Banana Physics

Yesterday I presented a talk at ICT Conference for Schools, in Southampton. We're (hopefully) going to be presenting something similar in Boston this summer. I thought it would be good to just summarise it here, and post the code examples I showed.

Banana Physics starts with the Banana Piano - the classic Makey Makey project... or should I say the ONLY Makey Makey project. Despite their claim its an "invention kit" which can "make anything", their idea of "anything" is rather limited to being a keyboard made out of fruit! More or less any fruit you'd like!

In addition to being limited, we don't actually learn anything from the piano project. It's fun (for a few minutes), but what are we trying to teach? That Banana's are fun? The best thing we might learn is that Banana's conduct electricity... 

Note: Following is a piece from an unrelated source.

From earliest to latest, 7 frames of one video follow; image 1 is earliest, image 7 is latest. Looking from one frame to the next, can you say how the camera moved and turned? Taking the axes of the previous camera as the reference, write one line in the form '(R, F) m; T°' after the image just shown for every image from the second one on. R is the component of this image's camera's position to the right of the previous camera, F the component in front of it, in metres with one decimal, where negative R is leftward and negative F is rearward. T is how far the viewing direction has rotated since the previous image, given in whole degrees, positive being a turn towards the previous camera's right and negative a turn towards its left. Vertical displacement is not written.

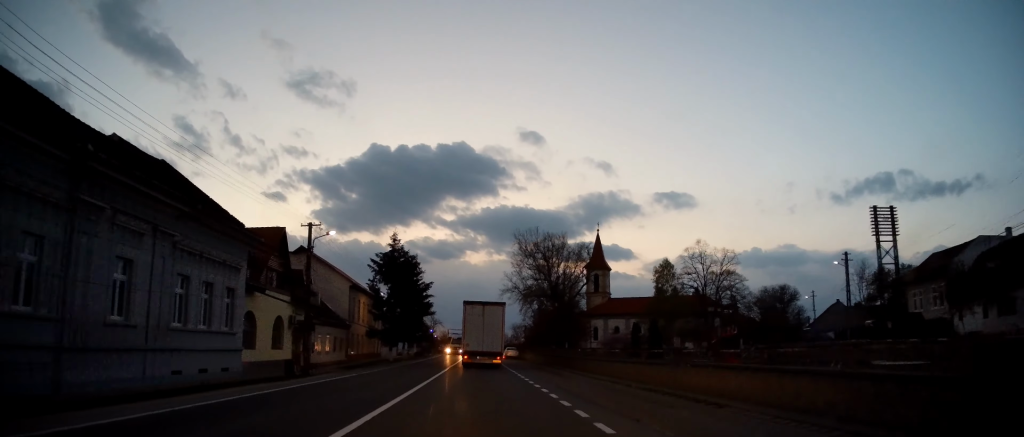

Except they basically don't. To understand we need to investigate RESISTANCE. If we use a pico board, instead or a makey makey we can actually do science!

This is the circuit that the pico board (and pretty much everything else) uses to attach your banana to the computer. R1=10K, and the banana replaces R2. With a bit of good old school Ohm's law, we can write an equation to calculate R. It turns out the Banana's have a resistance of around 40K-50K ohms. Not good conductors at all.

The next step is to drop a thermistor in place of R2. With a bit more complex maths, we can turn that resistance into a pretty accurate temperature (or up to 4 different temperatures on the different channels). It's pretty easy to log that data over time. On the one hand Picoboards aren't cheap (about £30 in the UK), that's really nothing compared what you'd pay for a 4 channel data logger, or even a good multimeter.

We then switch out the thermistor for a light dependant resistor. We could track light levels, but we can also use it to detect an object moving in front of the sensor. We set up two about 70cm apart, and time a beanbag to fall from the top one to the bottom one. Applying kinetic equations we know starting speed (0m/s), distance (0.7m), and we measure time. Which allows us to calculate acceleration - gravity.

Alternatively we can use the Lego Wedo... Two distance sensors make a great speed trap, so we can measure the speed of an object. If we drop the beanbag 70cm, and measure its final speed, kinetic equations will give us gravity again. In the talk I just did a very casual demo, and dropped it from a very rough distance, and it came up with a value of 8.5m/s/s. Pretty good.

The final demo was using the wedo tilt to measure the period of a pendulum. Again putting together  a bit of maths/physics, and coding I got a value of 10.5 this time. Again, this is pretty good for a guy standing in a room with a laptop and a few bits of Lego.

Here's the code I used for the demos. Check out the "Science" tag on my blog posts, to get more detail on these projects (perhaps built with different hardware), and ideas for other code based science.

The point of the talk was (in addition to promoting Sniff!), to show how using coding and making you can make high school science really fun. If coding is writing, then the whole point of learning to code is to unlock new ways of expressing and exploring. If coding just lives in the ICT class then its a total waste of time. If it lets you explore and understand the universe better, then that's pretty amazing.